The position (i.e. 0th element) doesn’t depend on $s_0$ if

$d_1 + d_2 - \frac{d_1 d_2}{f} = 0$

i.e.

$\frac{1}{d_1} + \frac{1}{d_2} = \frac{1}{f}$

Note that this doesn’t depend on $r_0$ , so there really is a focal plane.
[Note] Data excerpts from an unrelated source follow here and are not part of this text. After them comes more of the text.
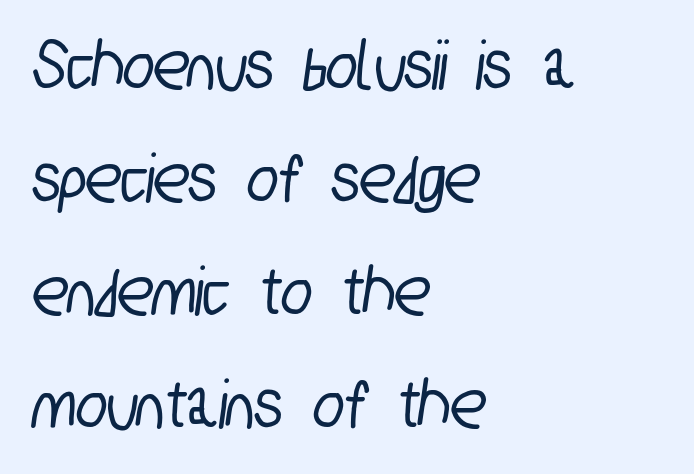
The image shows 73 px condensed sans-serif type; set left-aligned, normal line spacing (1.55x), normal letter spacing, not underlined; low stroke contrast and a medium x-height.
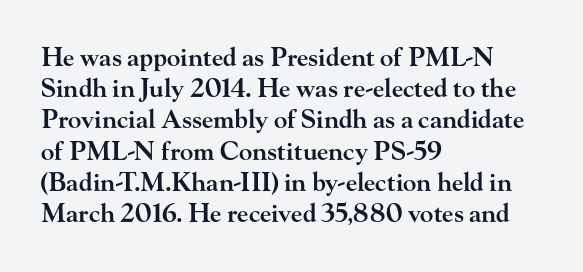
The image shows 25 px text type, upright; set left-aligned, normal line spacing (1.25x), normal letter spacing, not underlined.
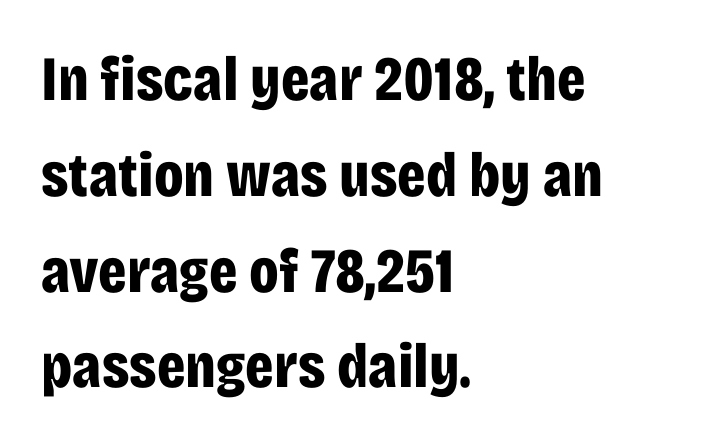
Q: Is the text bold? A: Yes.
Q: Is the text italic (slanted)? A: No, it is upright.
Q: Is the typeface a serif or a sans-serif typeface? A: Sans-serif.
Q: Is the text underlined? A: No.
Q: How is the paragraph aligned? A: Left-aligned.
Q: Is the spacing between letters normal or unusually wide? A: Normal.
Q: Is the spacing between lines tight, normal or loose? A: Normal.
Q: Width (condensed, normal, or wide)? A: Condensed.
Q: Stroke contrast? A: Low.
Q: x-height? A: Large.
Q: Monospaced? A: No.
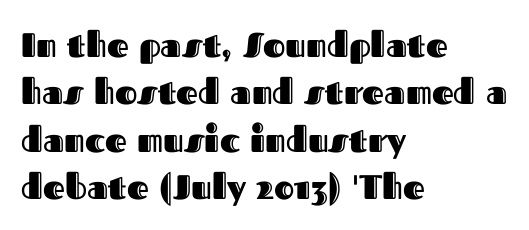
{"italic": "no", "width": "normal", "x_height": "medium", "monospaced": "no", "underline": "no", "align": "left", "line_spacing": "normal", "line_spacing_ratio": 1.39, "letter_spacing": "normal", "letter_spacing_em": 0.0, "glyph_px": 34}
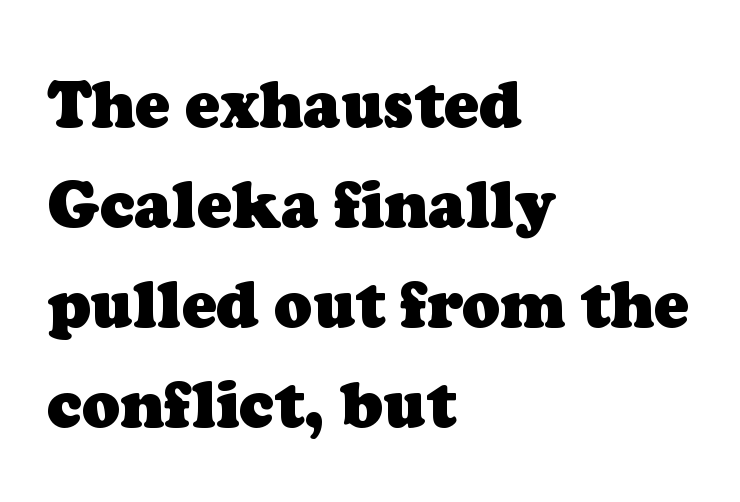
The image shows 64 px heavy serif type; set left-aligned, normal line spacing (1.56x), normal letter spacing, not underlined; low stroke contrast and a medium x-height.
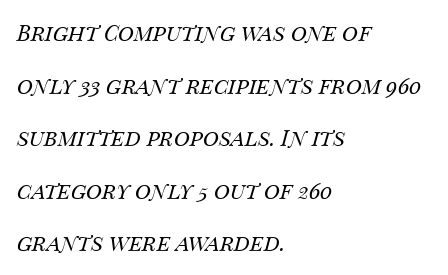
The image shows 22 px text type, italic (leaning right); set left-aligned, loose line spacing (2.39x), normal letter spacing, not underlined.
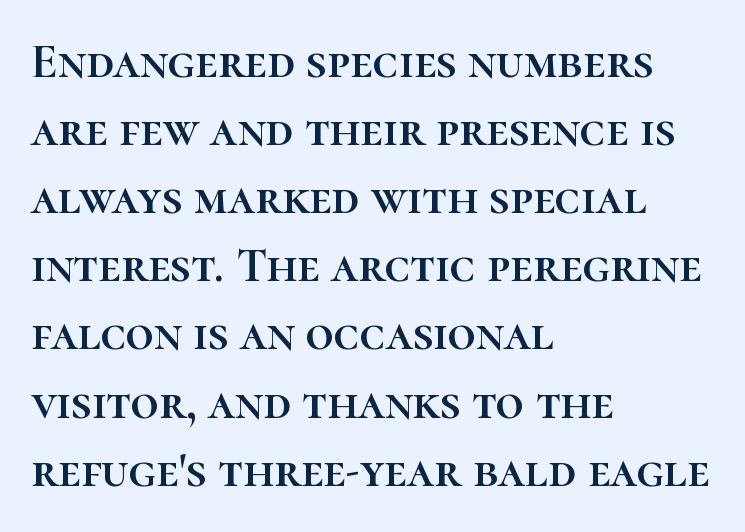
{"italic": "no", "width": "normal", "stroke_contrast": "high", "x_height": "medium", "monospaced": "no", "underline": "no", "align": "left", "line_spacing": "normal", "line_spacing_ratio": 1.39, "letter_spacing": "normal", "letter_spacing_em": 0.0, "glyph_px": 49}
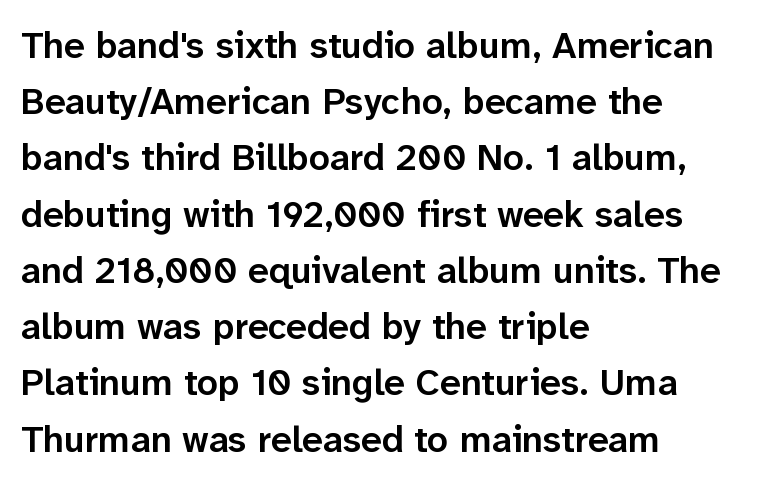
{"serif": "no", "italic": "no", "bold": "semi", "weight": "semibold", "width": "normal", "stroke_contrast": "low", "x_height": "medium", "monospaced": "no", "underline": "no", "align": "left", "line_spacing": "normal", "line_spacing_ratio": 1.52, "letter_spacing": "normal", "letter_spacing_em": 0.0, "glyph_px": 37}
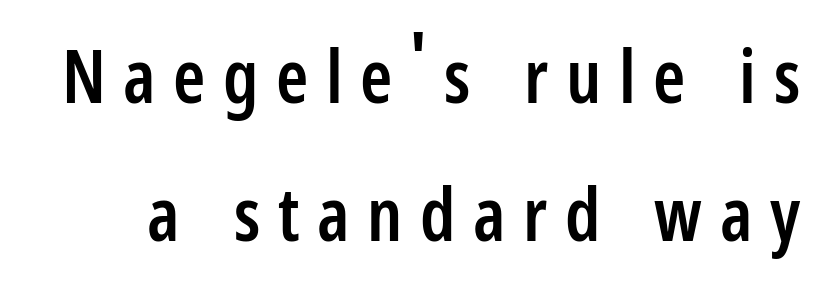
Typographically, this falls in the sans-serif category. Check under the words: just untouched page. The passage shown is typed in a proportional face where columns would drift. Firm but not heavy-handed strokes: this text is semibold.
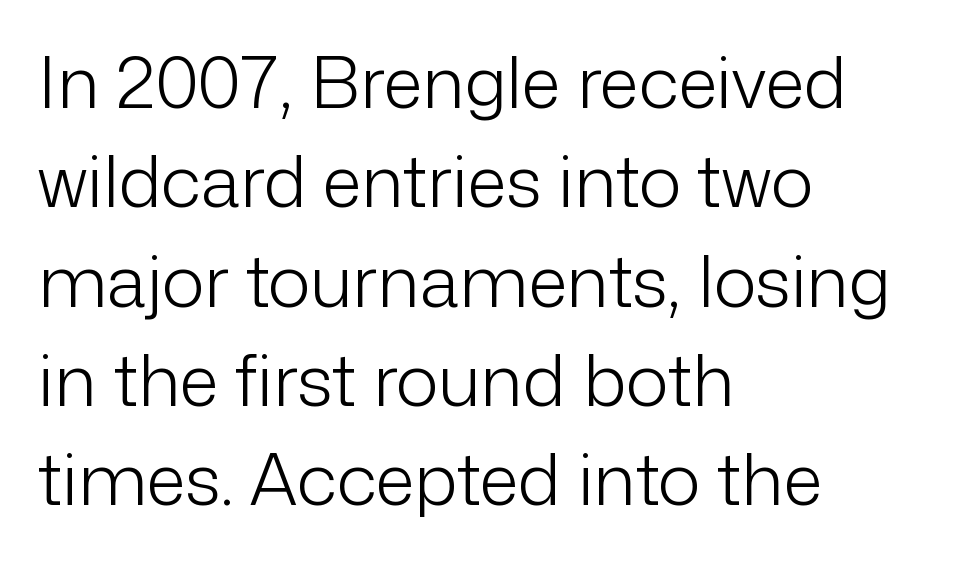
Q: Is the text bold? A: No.
Q: Is the text italic (slanted)? A: No, it is upright.
Q: Is the typeface a serif or a sans-serif typeface? A: Sans-serif.
Q: Is the text underlined? A: No.
Q: How is the paragraph aligned? A: Left-aligned.
Q: Is the spacing between letters normal or unusually wide? A: Normal.
Q: Is the spacing between lines tight, normal or loose? A: Normal.
Q: Width (condensed, normal, or wide)? A: Normal.
Q: Stroke contrast? A: Low.
Q: x-height? A: Medium.
Q: Monospaced? A: No.

At the $d_2$ satisfying the relation above, each light ray’s position is $r_0 (1 - d_2/f)$ . So the whole plane is stretched by a factor of $1 - d_2 / f$ .

(9.5)

Common CD players use an AlGaAs laser with a 790 nm wavelength.

(a)

The pits that are read on a CD have a diameter of roughly $1 \si{\mu m}$ and the optics are diffraction-limited; what is the beam divergence angle?

(b)

Assuming the same geometry, what wavelength laser would be needed to read $0.1 \si{\mu m}$ pits?

(c)

How large must a telescope mirror be if it is to be able to read a car’s license plate in visible light ( $\lambda \approx 600 \si{nm}$ ) from a Low Earth Orbit (LEO) of 200 km?